WORK INSTRUCTION
Down to the last line below, write out every line exactly, starting with the one that contains "[00:00:01.700]" and leaving out the pictures.

Data records
──────────

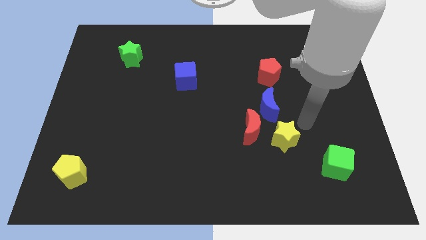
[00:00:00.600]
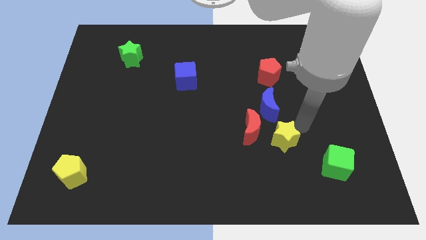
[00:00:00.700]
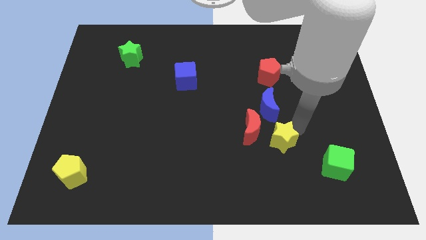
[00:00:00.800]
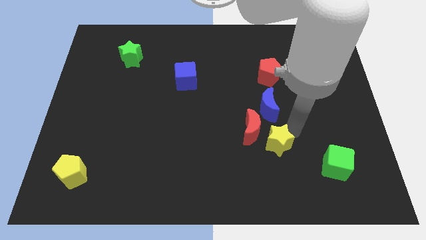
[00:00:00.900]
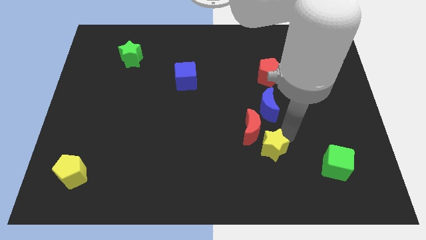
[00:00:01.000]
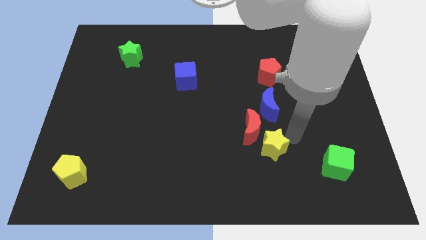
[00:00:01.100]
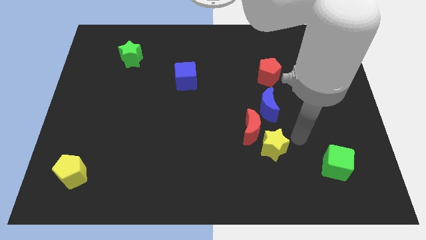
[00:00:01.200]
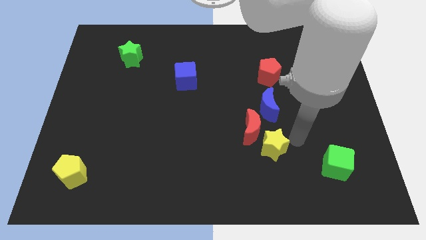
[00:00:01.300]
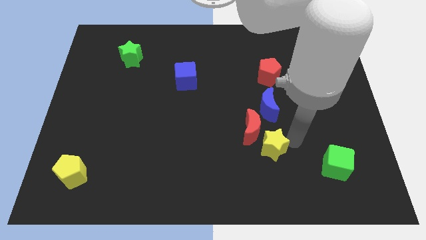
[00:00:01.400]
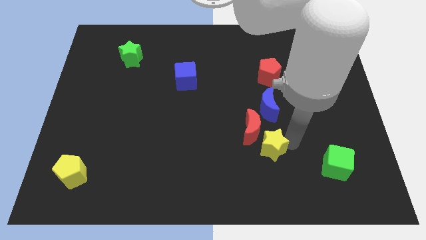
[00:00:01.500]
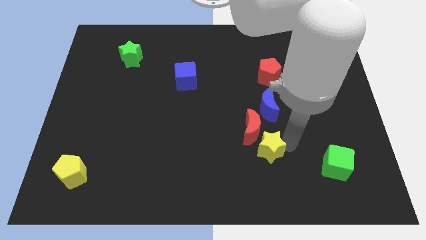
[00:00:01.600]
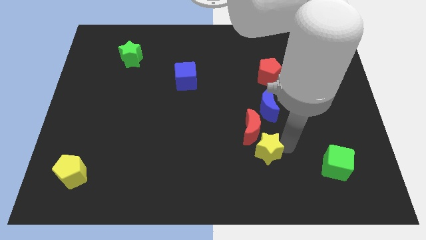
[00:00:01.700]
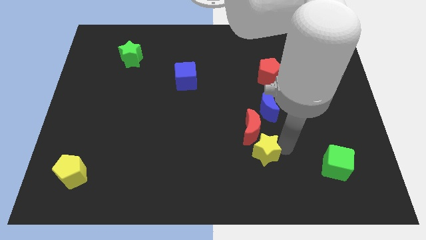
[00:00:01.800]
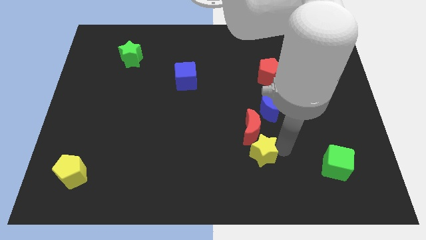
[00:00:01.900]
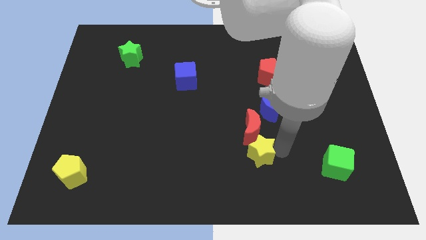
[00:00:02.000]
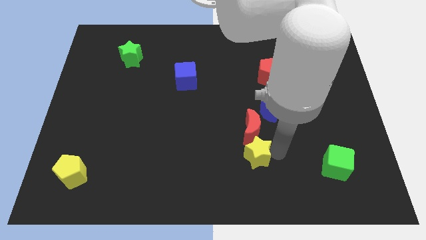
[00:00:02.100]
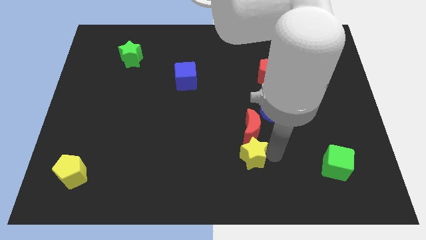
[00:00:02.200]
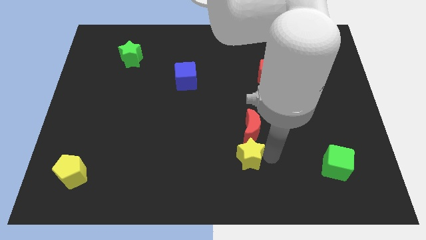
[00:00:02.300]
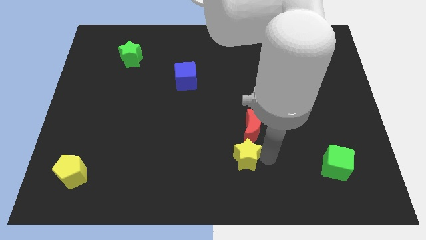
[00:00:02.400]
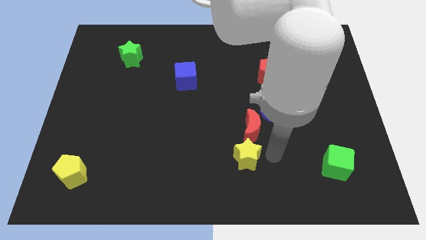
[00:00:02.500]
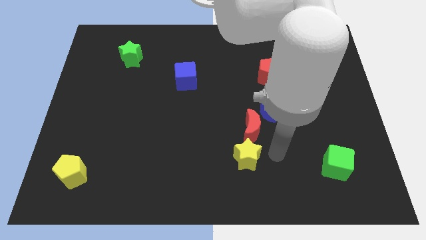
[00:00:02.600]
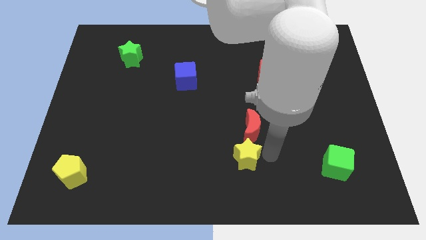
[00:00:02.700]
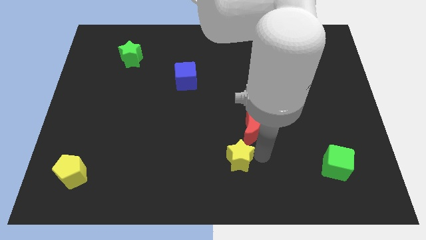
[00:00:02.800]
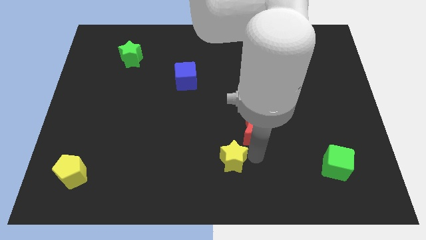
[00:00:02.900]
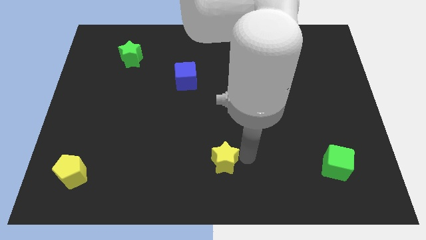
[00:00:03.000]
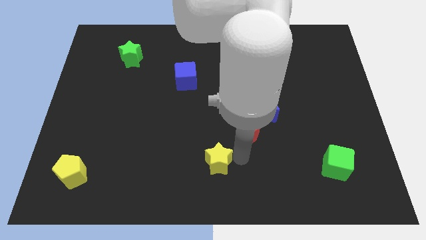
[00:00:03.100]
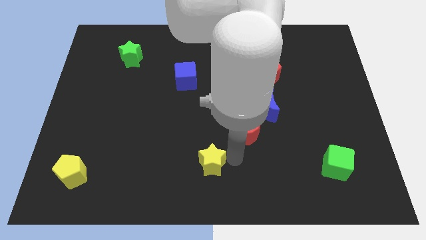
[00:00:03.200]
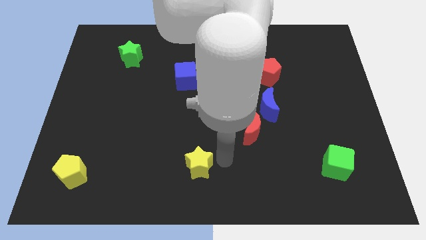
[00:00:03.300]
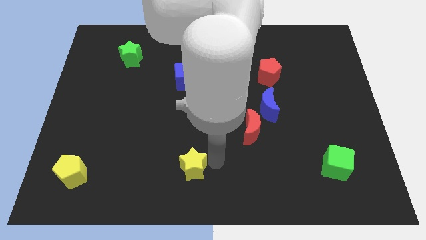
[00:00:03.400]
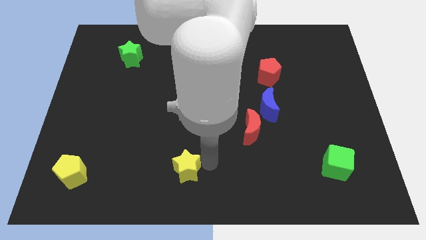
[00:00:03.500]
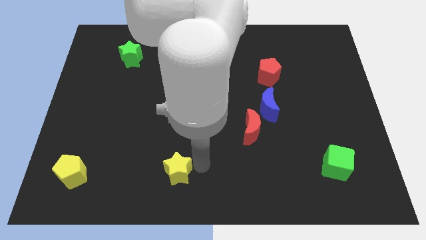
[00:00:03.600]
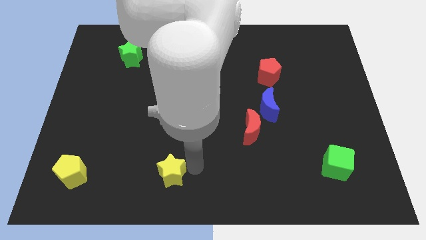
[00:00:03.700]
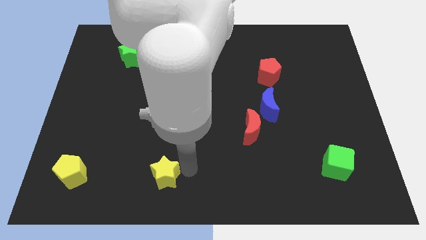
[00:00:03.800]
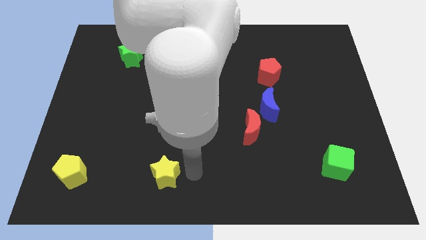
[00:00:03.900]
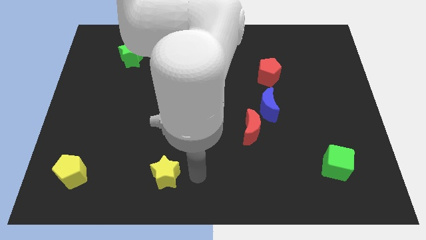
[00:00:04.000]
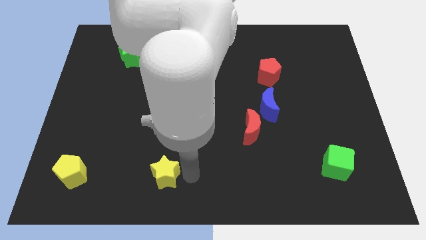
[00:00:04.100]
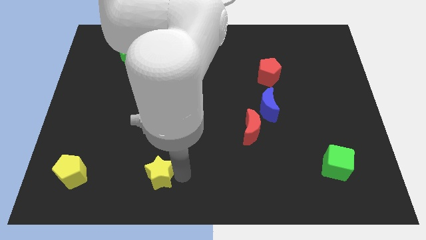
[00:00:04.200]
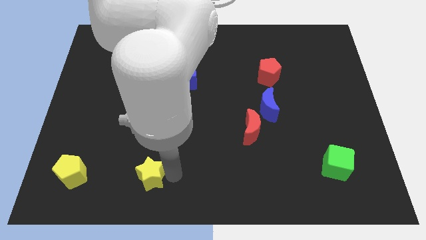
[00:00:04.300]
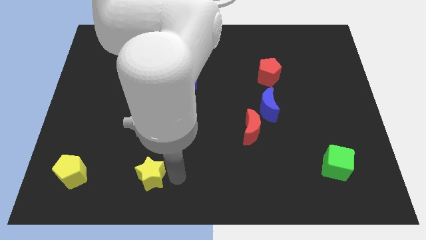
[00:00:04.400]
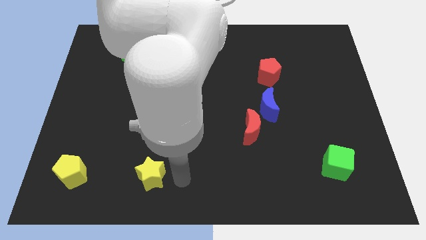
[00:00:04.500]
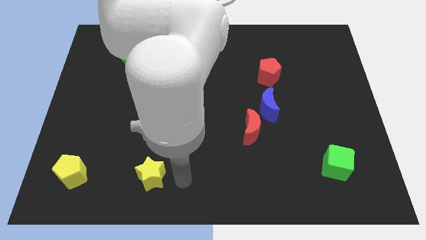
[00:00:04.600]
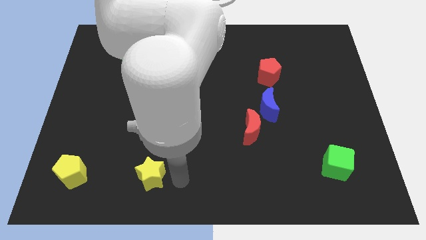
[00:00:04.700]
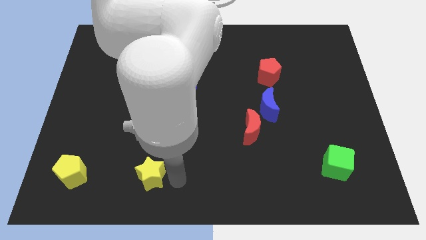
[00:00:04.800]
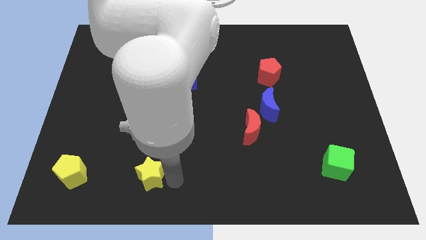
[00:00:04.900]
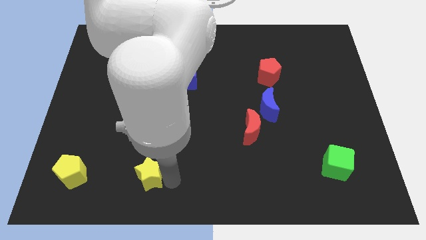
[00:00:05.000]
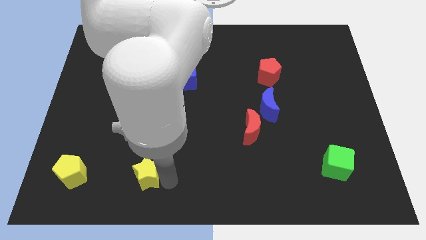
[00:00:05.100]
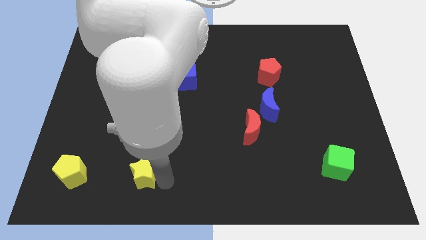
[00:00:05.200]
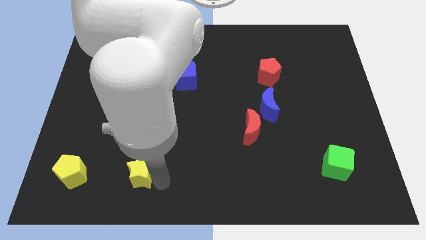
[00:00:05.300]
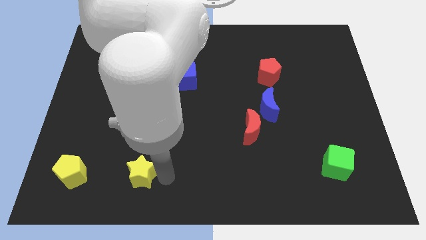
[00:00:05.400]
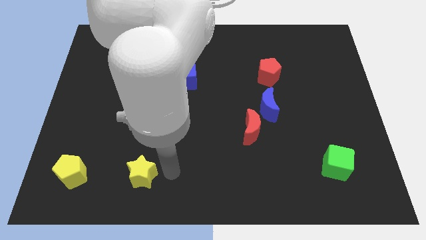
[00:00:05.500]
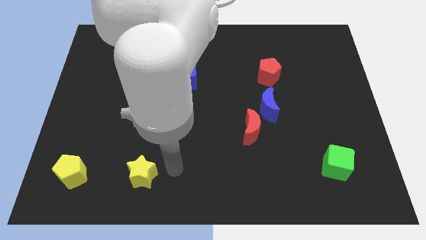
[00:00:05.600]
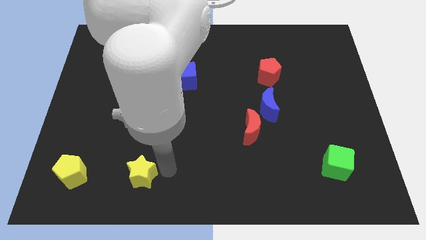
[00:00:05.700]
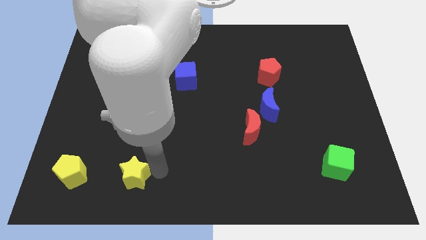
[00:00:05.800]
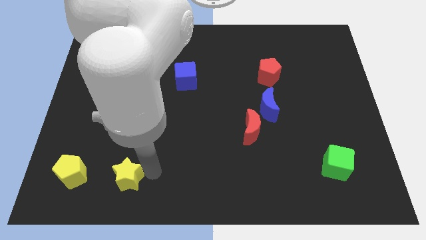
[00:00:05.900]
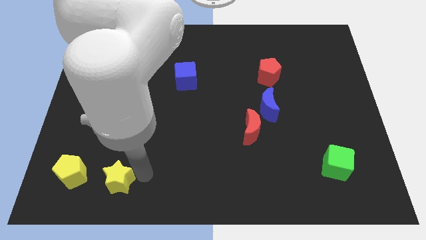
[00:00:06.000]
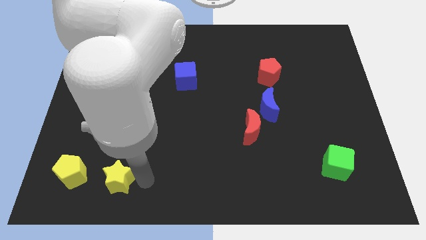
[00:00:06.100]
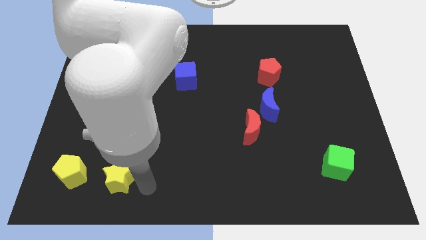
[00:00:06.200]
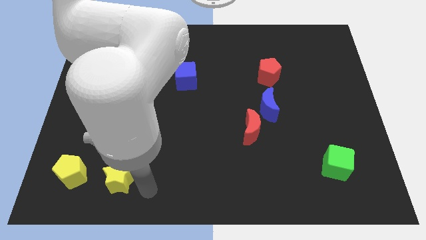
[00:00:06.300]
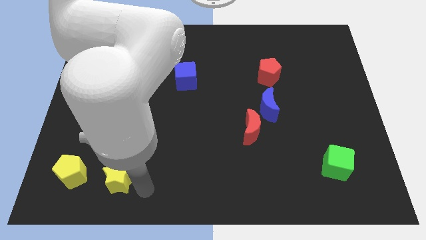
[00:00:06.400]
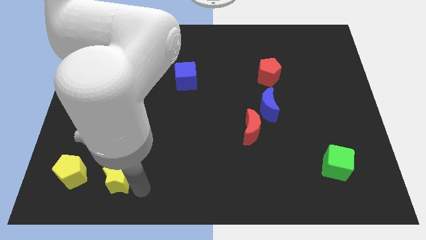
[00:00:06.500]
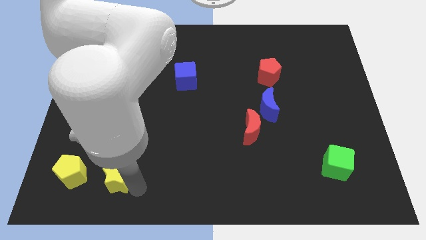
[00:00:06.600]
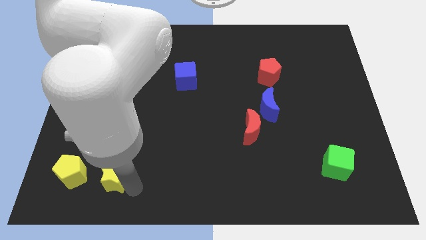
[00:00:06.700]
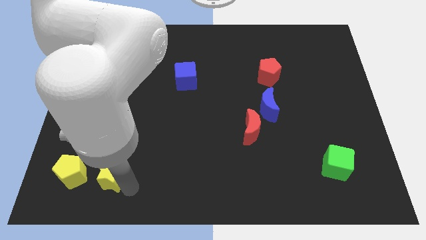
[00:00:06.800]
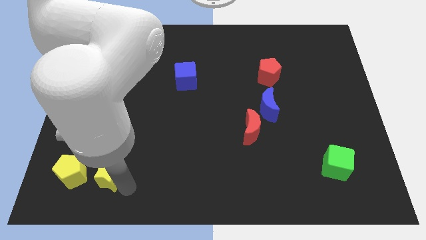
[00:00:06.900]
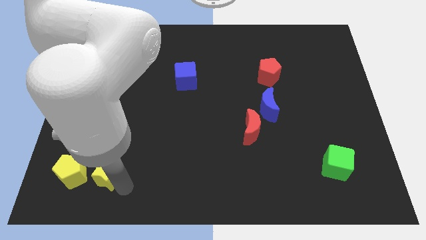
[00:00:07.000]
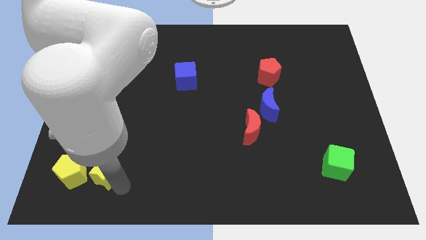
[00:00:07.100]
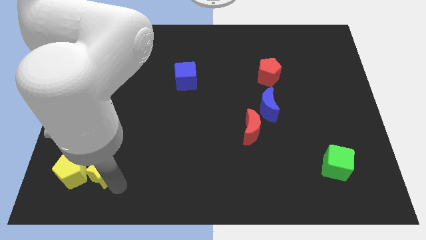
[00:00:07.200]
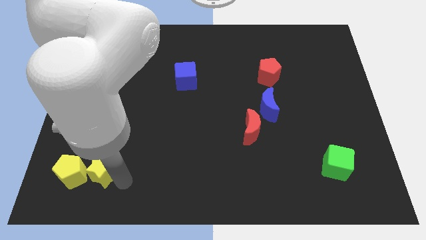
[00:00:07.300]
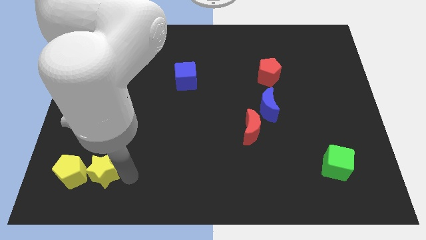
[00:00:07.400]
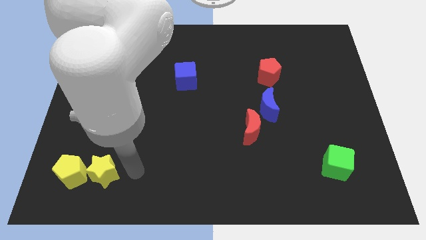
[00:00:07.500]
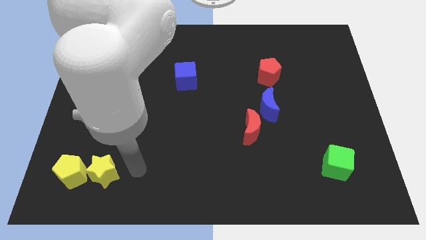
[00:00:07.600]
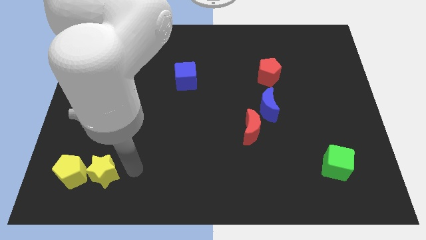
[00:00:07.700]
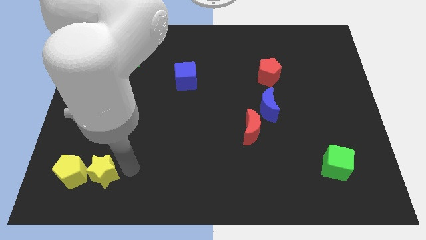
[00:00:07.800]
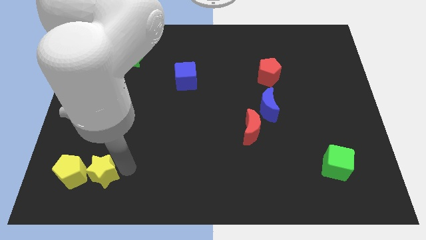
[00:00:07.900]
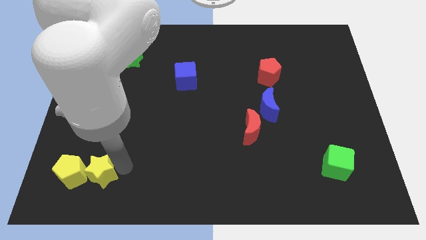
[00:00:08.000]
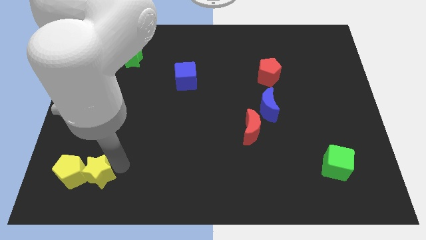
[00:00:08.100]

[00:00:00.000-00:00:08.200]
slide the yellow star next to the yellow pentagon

──────────

RESULT OF THIS TASK
[00:00:01.700]
[00:00:01.800]
[00:00:01.900]
[00:00:02.000]
[00:00:02.100]
[00:00:02.200]
[00:00:02.300]
[00:00:02.400]
[00:00:02.500]
[00:00:02.600]
[00:00:02.700]
[00:00:02.800]
[00:00:02.900]
[00:00:03.000]
[00:00:03.100]
[00:00:03.200]
[00:00:03.300]
[00:00:03.400]
[00:00:03.500]
[00:00:03.600]
[00:00:03.700]
[00:00:03.800]
[00:00:03.900]
[00:00:04.000]
[00:00:04.100]
[00:00:04.200]
[00:00:04.300]
[00:00:04.400]
[00:00:04.500]
[00:00:04.600]
[00:00:04.700]
[00:00:04.800]
[00:00:04.900]
[00:00:05.000]
[00:00:05.100]
[00:00:05.200]
[00:00:05.300]
[00:00:05.400]
[00:00:05.500]
[00:00:05.600]
[00:00:05.700]
[00:00:05.800]
[00:00:05.900]
[00:00:06.000]
[00:00:06.100]
[00:00:06.200]
[00:00:06.300]
[00:00:06.400]
[00:00:06.500]
[00:00:06.600]
[00:00:06.700]
[00:00:06.800]
[00:00:06.900]
[00:00:07.000]
[00:00:07.100]
[00:00:07.200]
[00:00:07.300]
[00:00:07.400]
[00:00:07.500]
[00:00:07.600]
[00:00:07.700]
[00:00:07.800]
[00:00:07.900]
[00:00:08.000]
[00:00:08.100]

[00:00:00.000-00:00:08.200]
slide the yellow star next to the yellow pentagon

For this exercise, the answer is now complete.